Au Québec, l’offre touristique du parc du Bic est difficile à battre : très facile d’accès, on peut s’installer au parc en tout confort. Et il permet de s’initier à la photo animalière en nature.

Martin Chamberland
Martin Chamberland La Presse

Le parc du Bic est situé en bord de mer, à environ cinq heures de Montréal et deux heures et demie de Québec, dans la région du Bas-du-Fleuve. On peut y faire du camping sous la tente, louer un chalet ou une yourte, et pratiquer une foule d’activités dans la nature, comme de la marche, du vélo ou du kayak. En hiver, on peut faire du ski de fond, de la raquette ou de la glissade. Il y a également toutes sortes d’activités organisées pour les enfants. En fait, il y a tant d’activités qu’on peut difficilement envisager de toutes les faire, été ou hiver. Toutefois, cette année est exceptionnelle, la COVID-19 limitant l’offre. Un conseil : une fois sur place, laissez la voiture au stationnement et déplacez-vous à vélo, si le temps le permet. Il est même possible d’en louer au parc.

La photo, les animaux

Les amateurs de photo animalière ne sont pas en reste.

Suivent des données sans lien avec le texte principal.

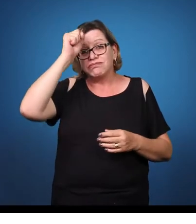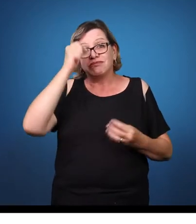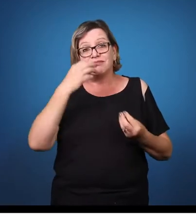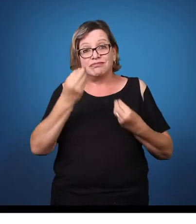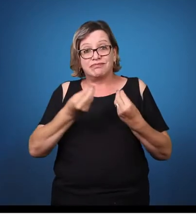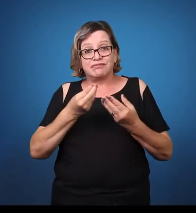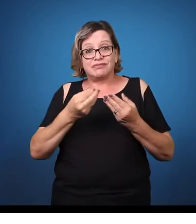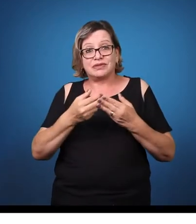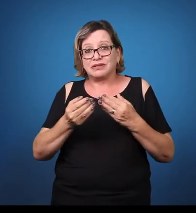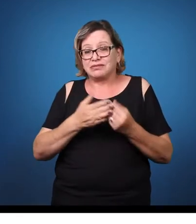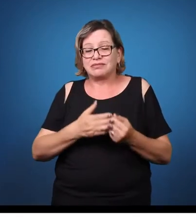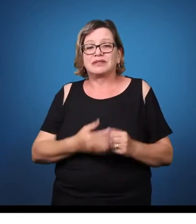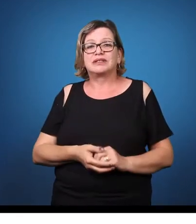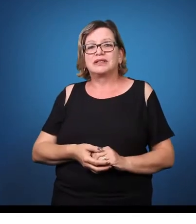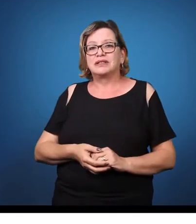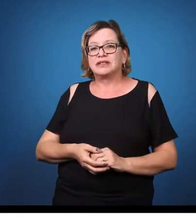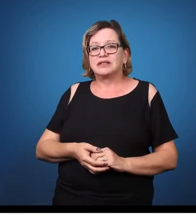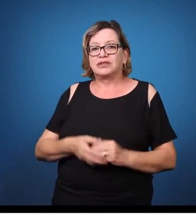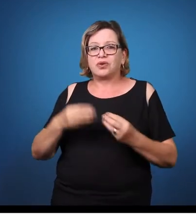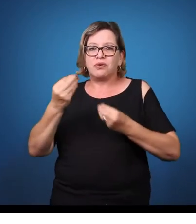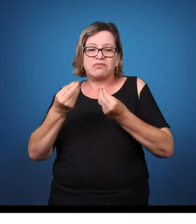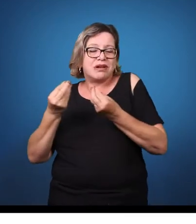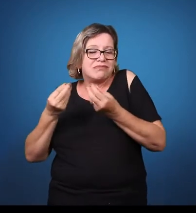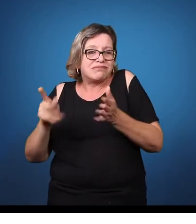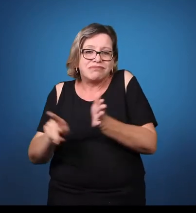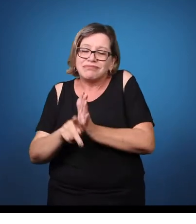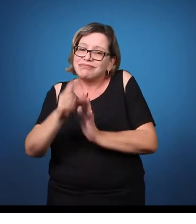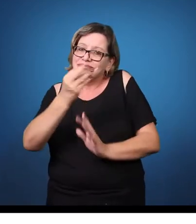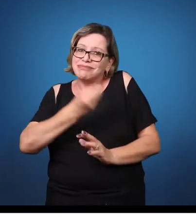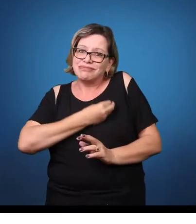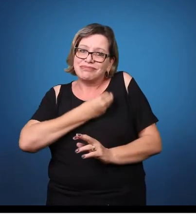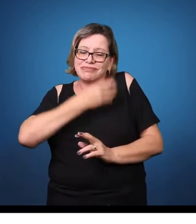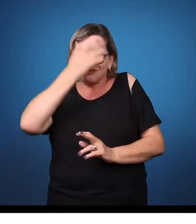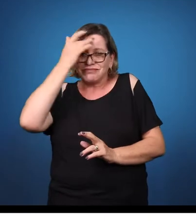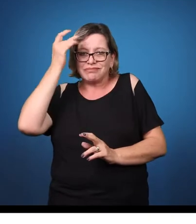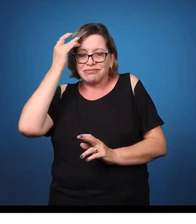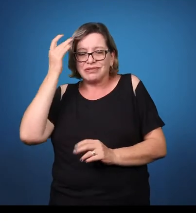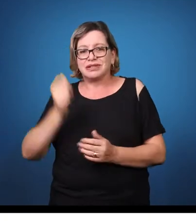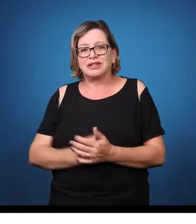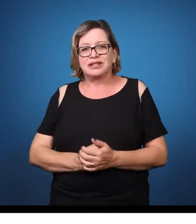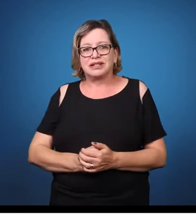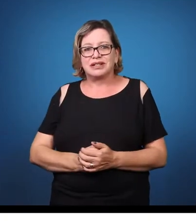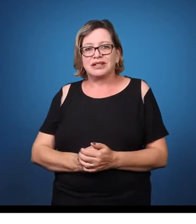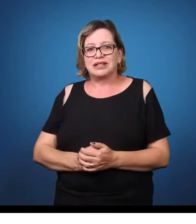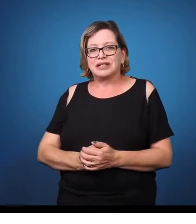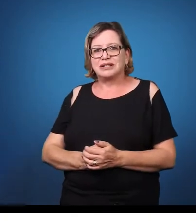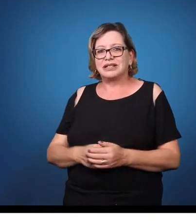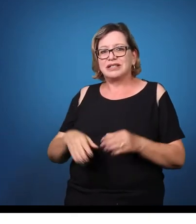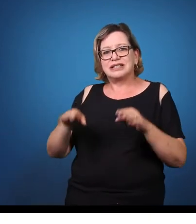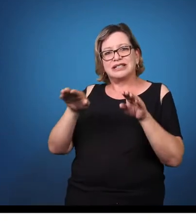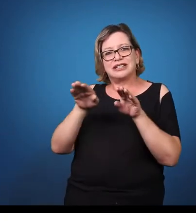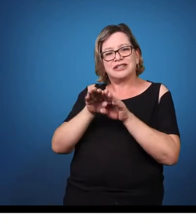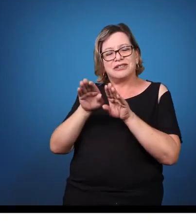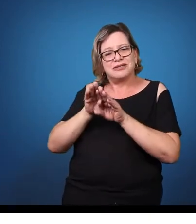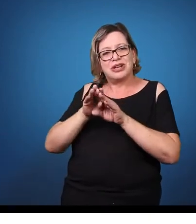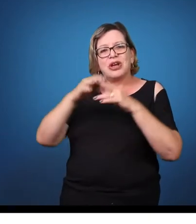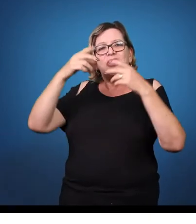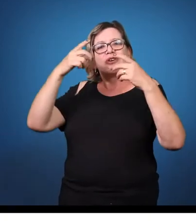te pergunto. Como que o grupo social, onde a pessoa está inserida, e o grupo
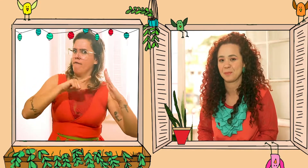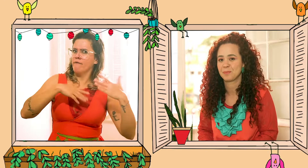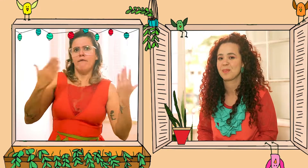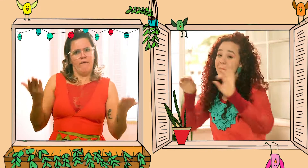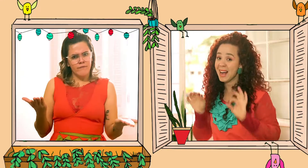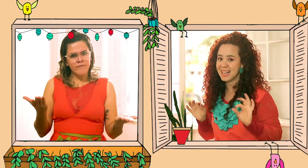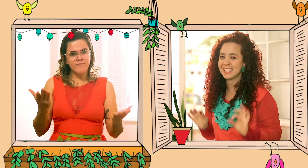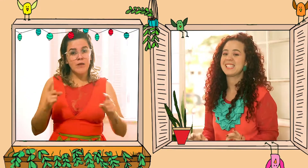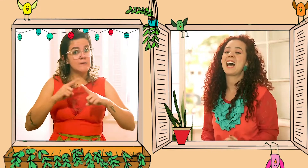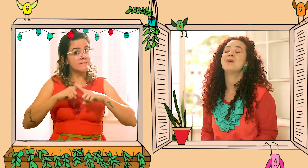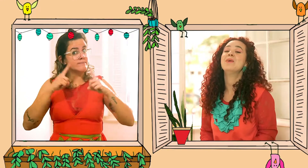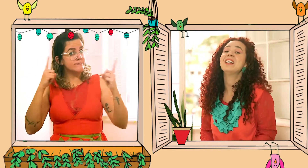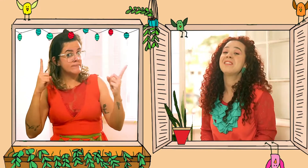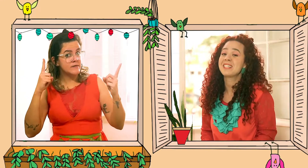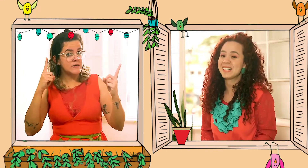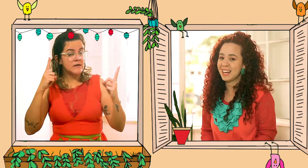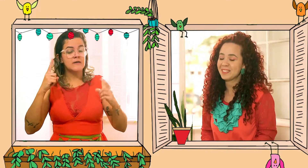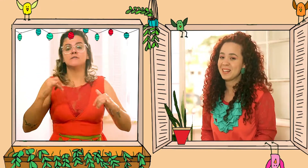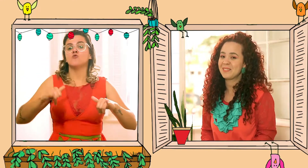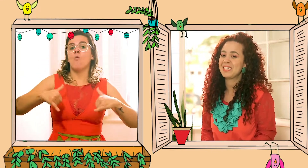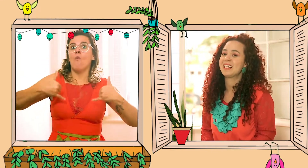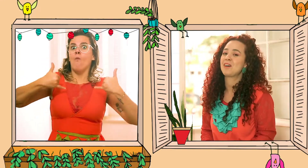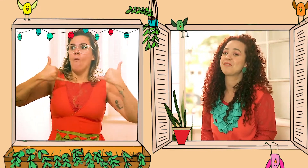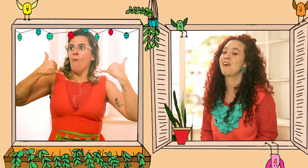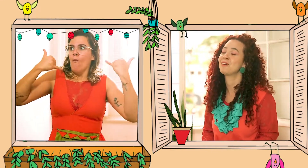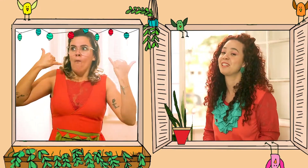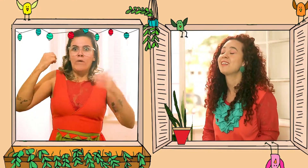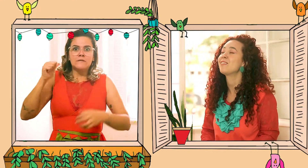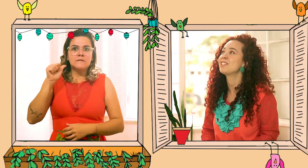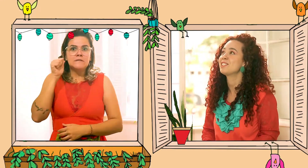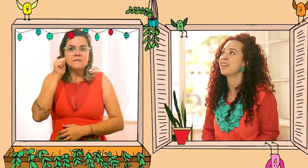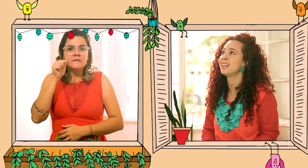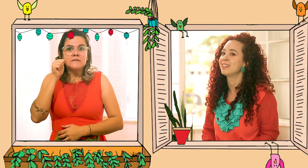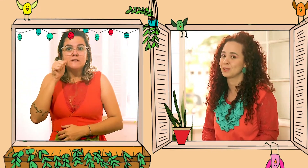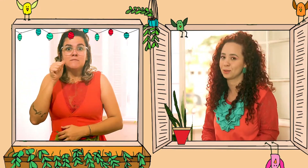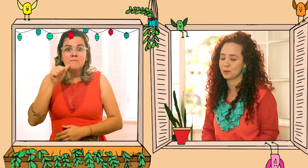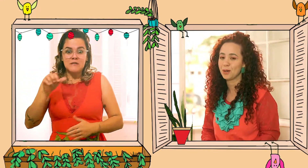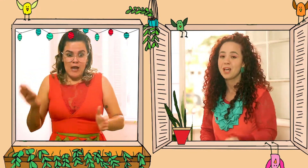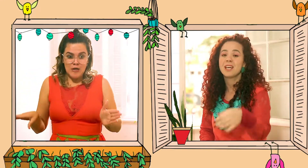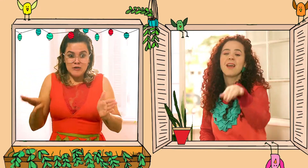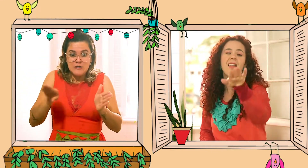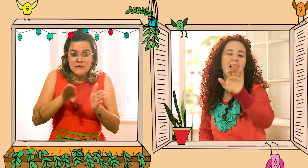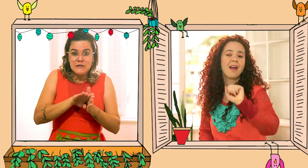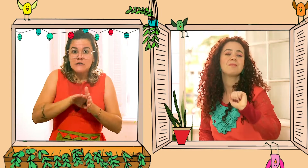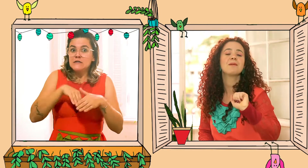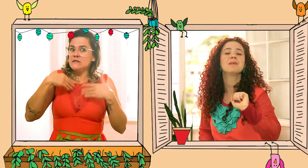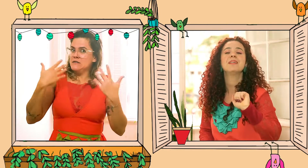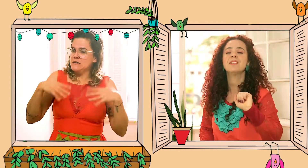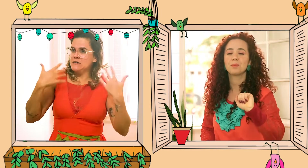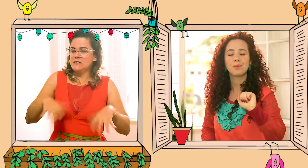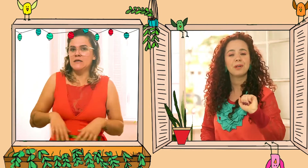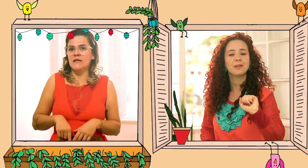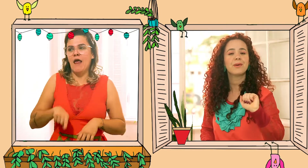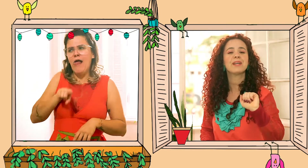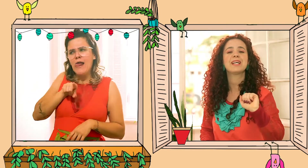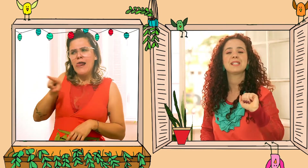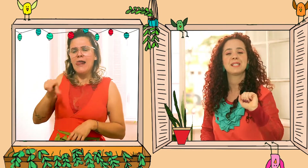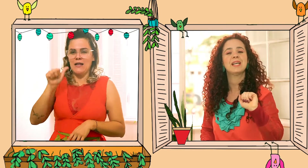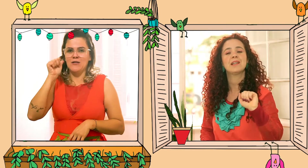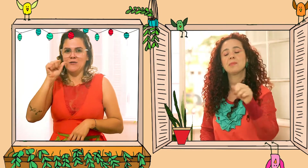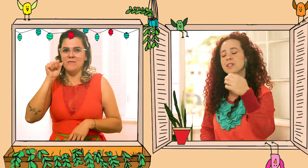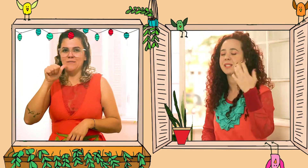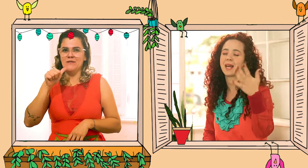casa. Mas o aniversário da menina Fauna estava chegando. E ela era uma menina muito

Qu’on soit débutant ou professionnel, on y retrouve un grand nombre d’animaux, de quoi remplir sa carte mémoire. N’oubliez pas d’apporter de l’eau et de la nourriture, car la photo animalière est une activité très physique.

On y retrouve donc de nombreuses sortes d’oiseaux : des eiders à duvet, des hérons, des canards, puis une quinzaine d’oiseaux de proie différents. Avec un peu de chance, vous allez voir des hérons en train de se nourrir allègrement dans le havre du Bic. Pour apercevoir les phoques, il faut se rendre au cap Caribou, où la grève de cailloux gris à elle seule vaut le détour. Dans le parc, on croise également des renards, des castors, des tamias, des marmottes, etc. Soyez donc toujours prêt à saisir le moment, car certains animaux ne se montrent le bout du museau que quelques fractions de seconde.

Un conseil : vous pouvez vous rendre au chemin du Nord, les sentiers de marche impeccablement balisés mènent au nord de la presqu’île. Vous pourrez y admirer le coucher de soleil et peut-être y faire la rencontre d’un cerf de Virginie. Coup de chance : le gros objectif a dû être remisé tant la jolie bête s’était approchée lors de mon passage. Lorsque la marée le permet, il est intéressant de s’attaquer aux kilomètres restants afin de compléter le Grand-Tour, un sentier qui fait au total 8,7 km.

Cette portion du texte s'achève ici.